> **Activity**
Start the copy at the line containing "cover by kind: broadleaved" and run it through the last line of the records. Repeat each line exactly; omit pictures.

> **Extracted data entries**
◆ ◆ ◆ ◆ ◆

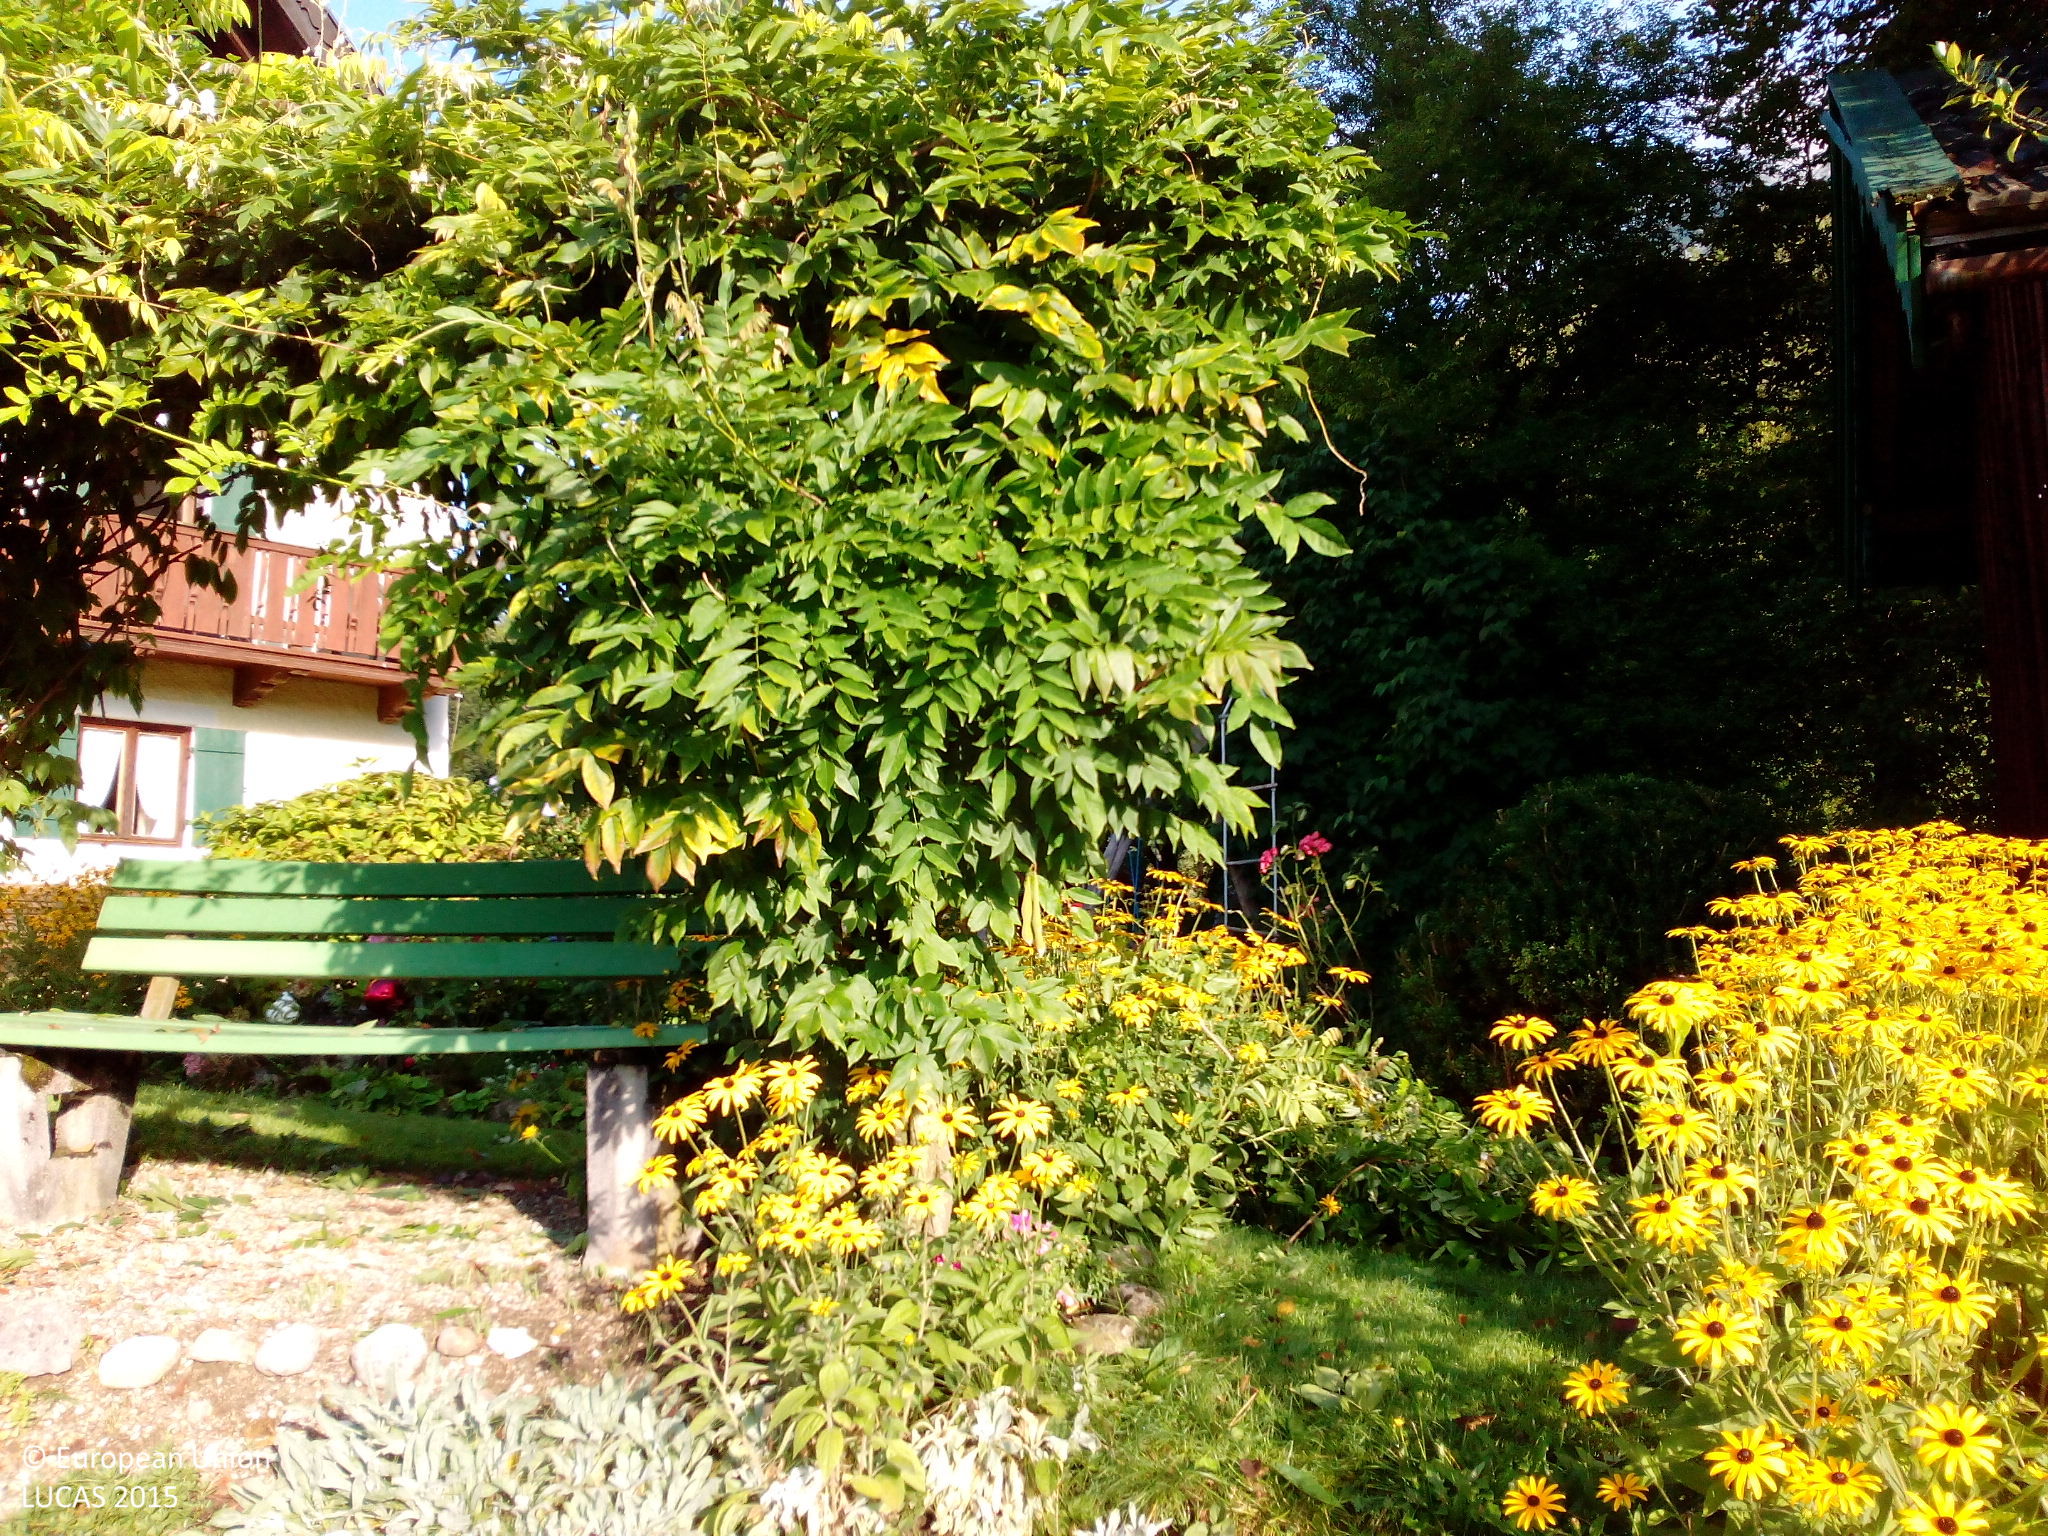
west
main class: Woodland
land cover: Broadleaved woodland
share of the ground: > 75 %
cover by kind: broadleaved forest trees 75 %, herbaceous plants 25 %
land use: Residential
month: August
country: DE
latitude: 47.7361
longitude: 12.8655
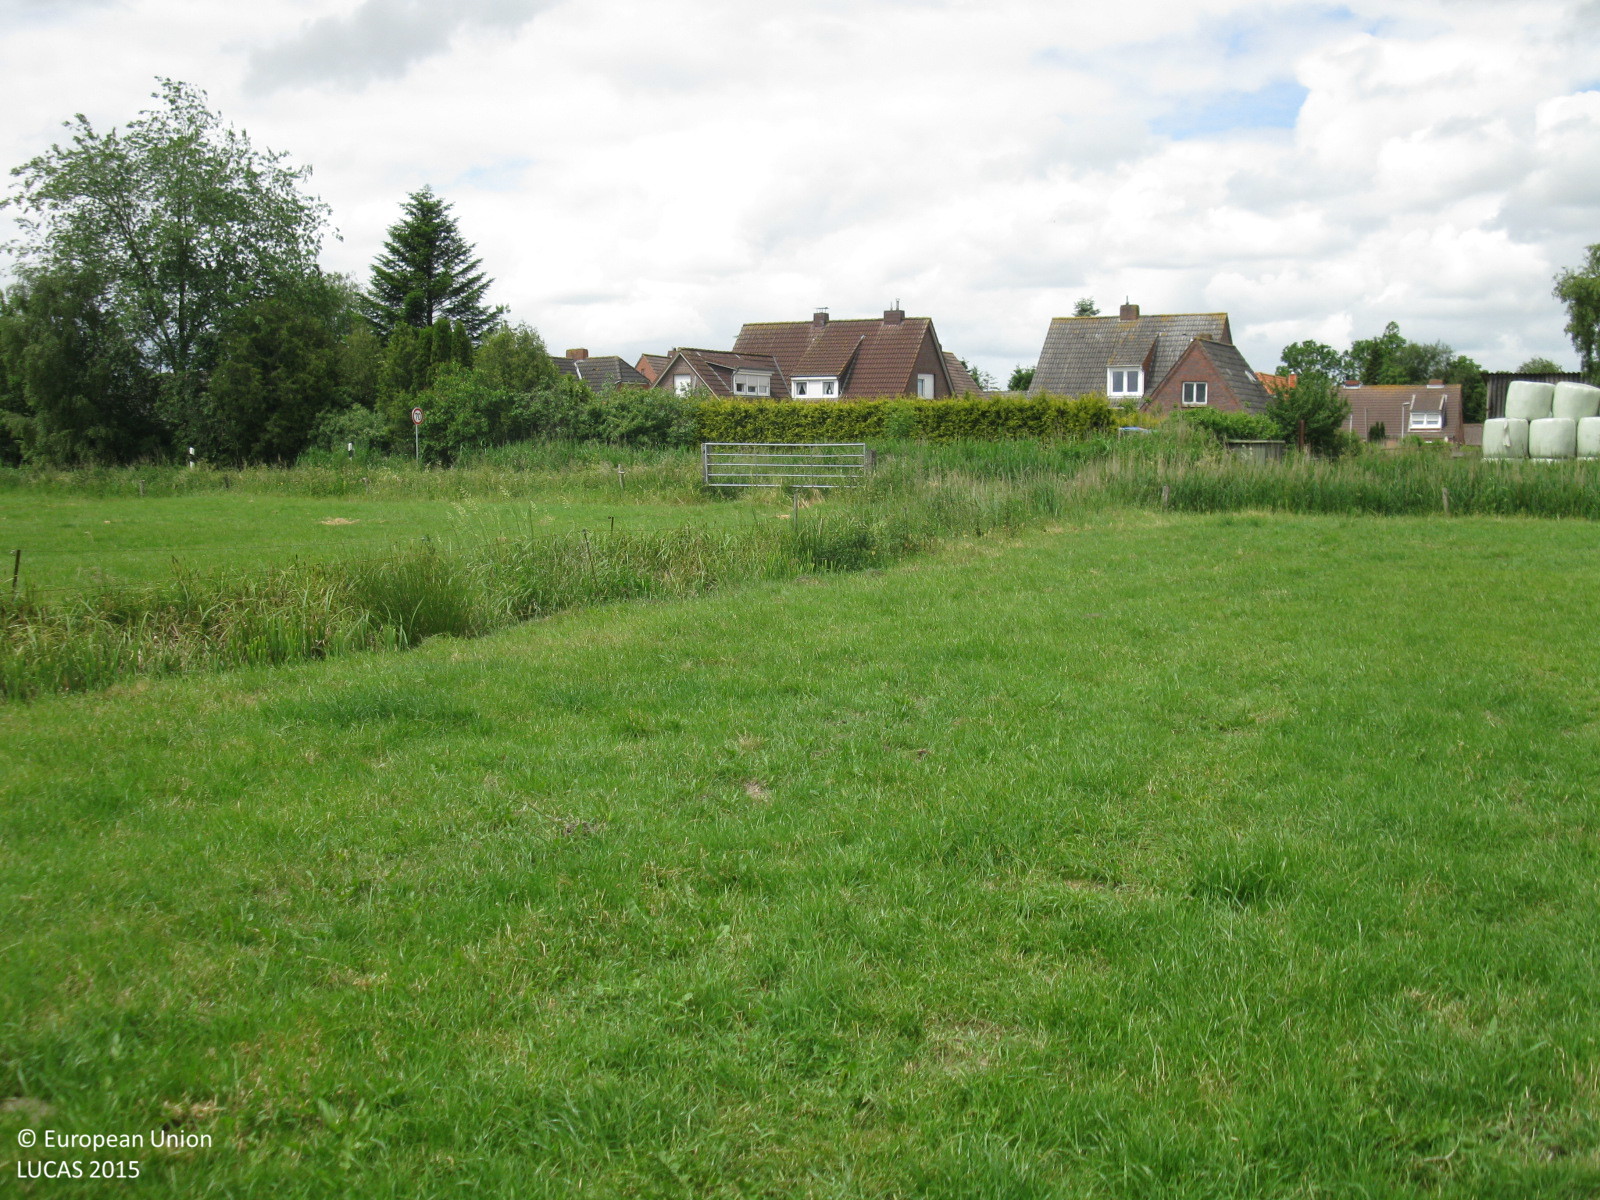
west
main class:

◆ ◆ ◆ ◆ ◆

> **Reply to the task**
cover by kind: broadleaved forest trees 75 %, herbaceous plants 25 %
land use: Residential
month: August
country: DE
latitude: 47.7361
longitude: 12.8655
west
main class:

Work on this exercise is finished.